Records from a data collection
★ ★ ★ ★

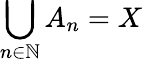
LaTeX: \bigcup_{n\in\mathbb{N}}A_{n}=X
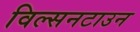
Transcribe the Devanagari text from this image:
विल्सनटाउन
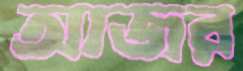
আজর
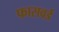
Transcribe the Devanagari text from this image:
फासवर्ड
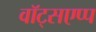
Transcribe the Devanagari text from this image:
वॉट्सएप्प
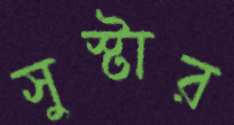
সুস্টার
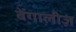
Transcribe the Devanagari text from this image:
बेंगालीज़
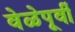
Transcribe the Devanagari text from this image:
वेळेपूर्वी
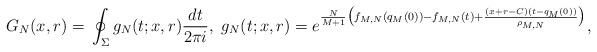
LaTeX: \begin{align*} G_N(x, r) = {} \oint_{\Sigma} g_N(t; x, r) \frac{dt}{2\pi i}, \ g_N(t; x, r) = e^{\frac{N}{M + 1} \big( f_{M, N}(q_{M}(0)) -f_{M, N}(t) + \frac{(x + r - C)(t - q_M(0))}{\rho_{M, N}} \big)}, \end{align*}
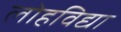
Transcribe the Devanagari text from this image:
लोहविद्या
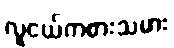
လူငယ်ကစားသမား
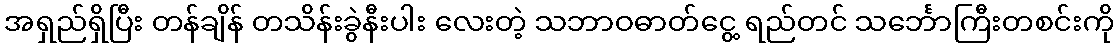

★ ★ ★ ★

Repeat every entry above precisely, leaving each picture out.

LaTeX: \bigcup_{n\in\mathbb{N}}A_{n}=X
Transcribe the Devanagari text from this image:
विल्सनटाउन
আজর
Transcribe the Devanagari text from this image:
फासवर्ड
Transcribe the Devanagari text from this image:
वॉट्सएप्प
সুস্টার
Transcribe the Devanagari text from this image:
बेंगालीज़
Transcribe the Devanagari text from this image:
वेळेपूर्वी
LaTeX: \begin{align*} G_N(x, r) = {} \oint_{\Sigma} g_N(t; x, r) \frac{dt}{2\pi i}, \ g_N(t; x, r) = e^{\frac{N}{M + 1} \big( f_{M, N}(q_{M}(0)) -f_{M, N}(t) + \frac{(x + r - C)(t - q_M(0))}{\rho_{M, N}} \big)}, \end{align*}
Transcribe the Devanagari text from this image:
लोहविद्या
လူငယ်ကစားသမား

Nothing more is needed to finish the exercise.